The job is to output exactly the lines that run from the start of the entries through the line containing "Image type: medical_photograph", pictures omitted.

* Dataset content
[Start of Attachment]

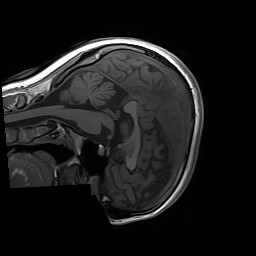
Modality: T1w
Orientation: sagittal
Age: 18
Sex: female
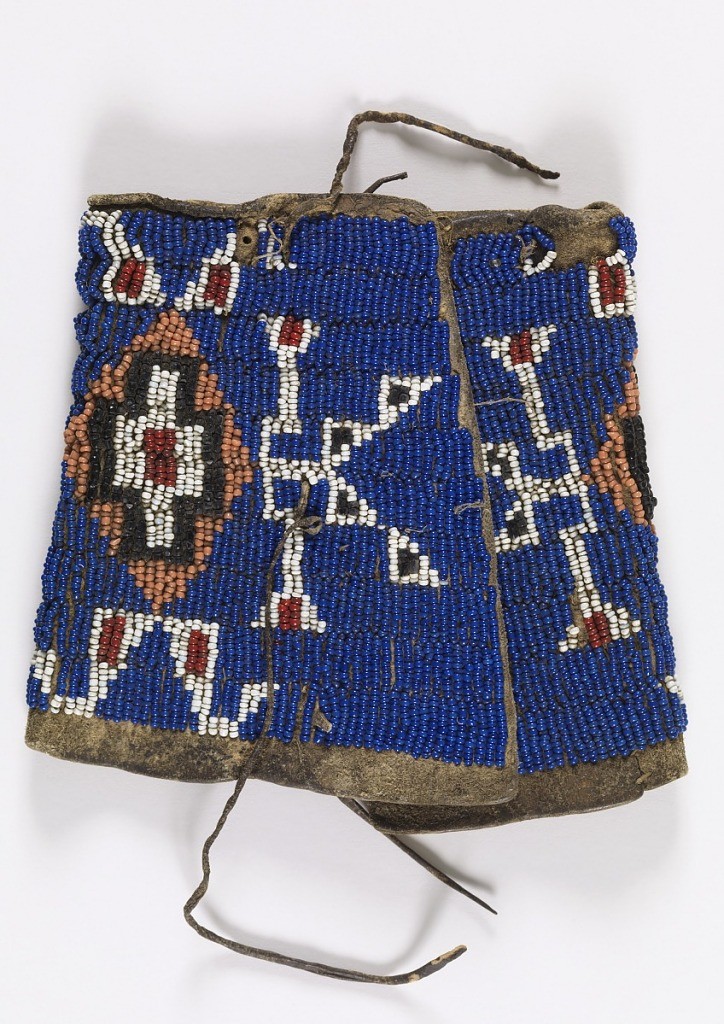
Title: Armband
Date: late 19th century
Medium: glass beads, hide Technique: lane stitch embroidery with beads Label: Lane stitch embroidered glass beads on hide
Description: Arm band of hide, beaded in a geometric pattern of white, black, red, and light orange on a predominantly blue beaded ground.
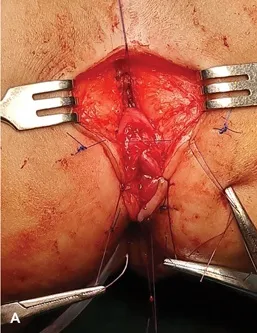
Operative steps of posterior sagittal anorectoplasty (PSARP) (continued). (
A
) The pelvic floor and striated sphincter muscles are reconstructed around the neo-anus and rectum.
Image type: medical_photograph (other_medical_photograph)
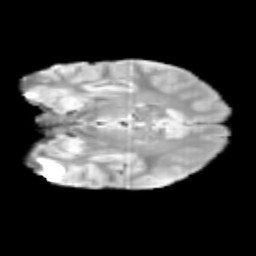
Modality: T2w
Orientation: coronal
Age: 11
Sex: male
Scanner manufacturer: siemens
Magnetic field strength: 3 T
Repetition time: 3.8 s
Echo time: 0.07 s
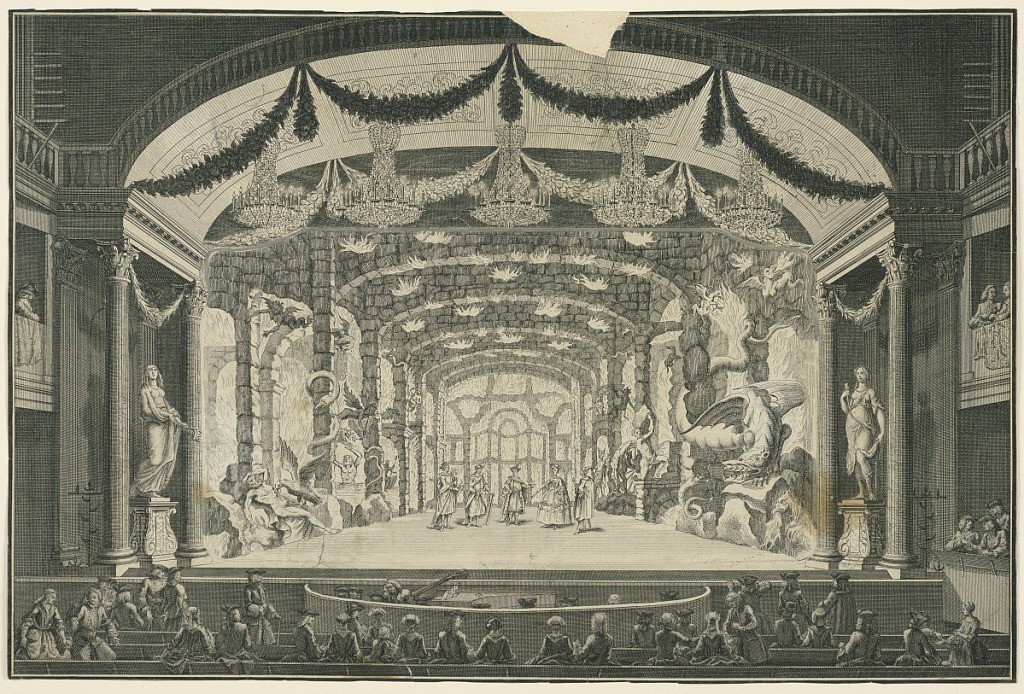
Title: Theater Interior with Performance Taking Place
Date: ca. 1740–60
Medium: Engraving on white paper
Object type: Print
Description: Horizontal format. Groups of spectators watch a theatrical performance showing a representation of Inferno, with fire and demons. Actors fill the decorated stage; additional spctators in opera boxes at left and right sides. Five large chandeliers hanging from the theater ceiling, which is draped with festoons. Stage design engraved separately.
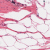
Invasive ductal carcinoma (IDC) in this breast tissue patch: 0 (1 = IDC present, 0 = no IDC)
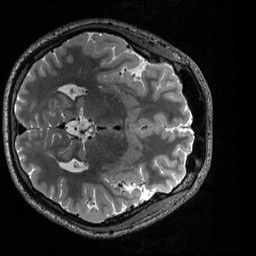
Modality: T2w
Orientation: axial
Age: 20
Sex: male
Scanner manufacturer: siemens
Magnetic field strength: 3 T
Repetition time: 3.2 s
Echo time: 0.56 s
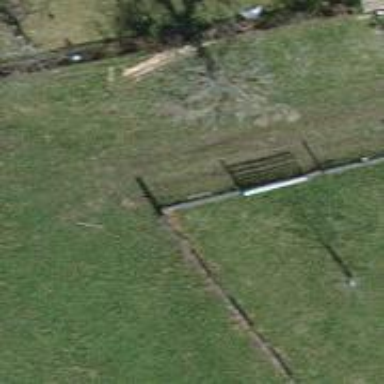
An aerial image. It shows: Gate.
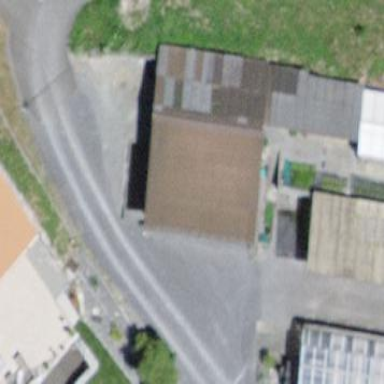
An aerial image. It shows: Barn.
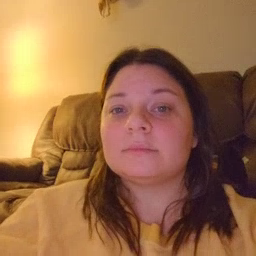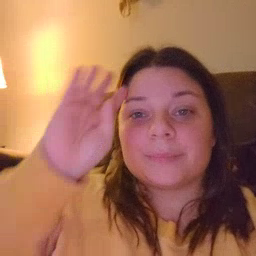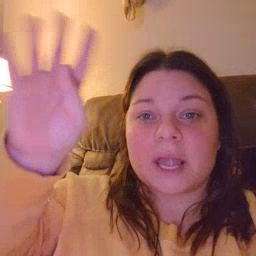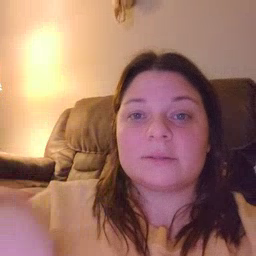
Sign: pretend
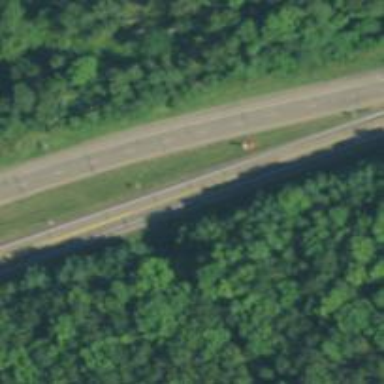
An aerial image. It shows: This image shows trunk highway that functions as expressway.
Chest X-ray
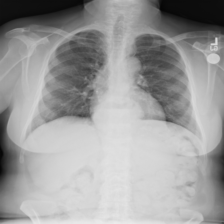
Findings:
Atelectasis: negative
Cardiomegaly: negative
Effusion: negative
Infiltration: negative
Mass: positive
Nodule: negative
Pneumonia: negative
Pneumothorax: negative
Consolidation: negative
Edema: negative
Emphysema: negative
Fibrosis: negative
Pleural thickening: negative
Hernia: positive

[End of Attachment]

* Your response
Modality: T1w
Orientation: sagittal
Age: 18
Sex: female
Title: Armband
Date: late 19th century
Medium: glass beads, hide Technique: lane stitch embroidery with beads Label: Lane stitch embroidered glass beads on hide
Description: Arm band of hide, beaded in a geometric pattern of white, black, red, and light orange on a predominantly blue beaded ground.
Operative steps of posterior sagittal anorectoplasty (PSARP) (continued). (
A
) The pelvic floor and striated sphincter muscles are reconstructed around the neo-anus and rectum.
Image type: medical_photograph (other_medical_photograph)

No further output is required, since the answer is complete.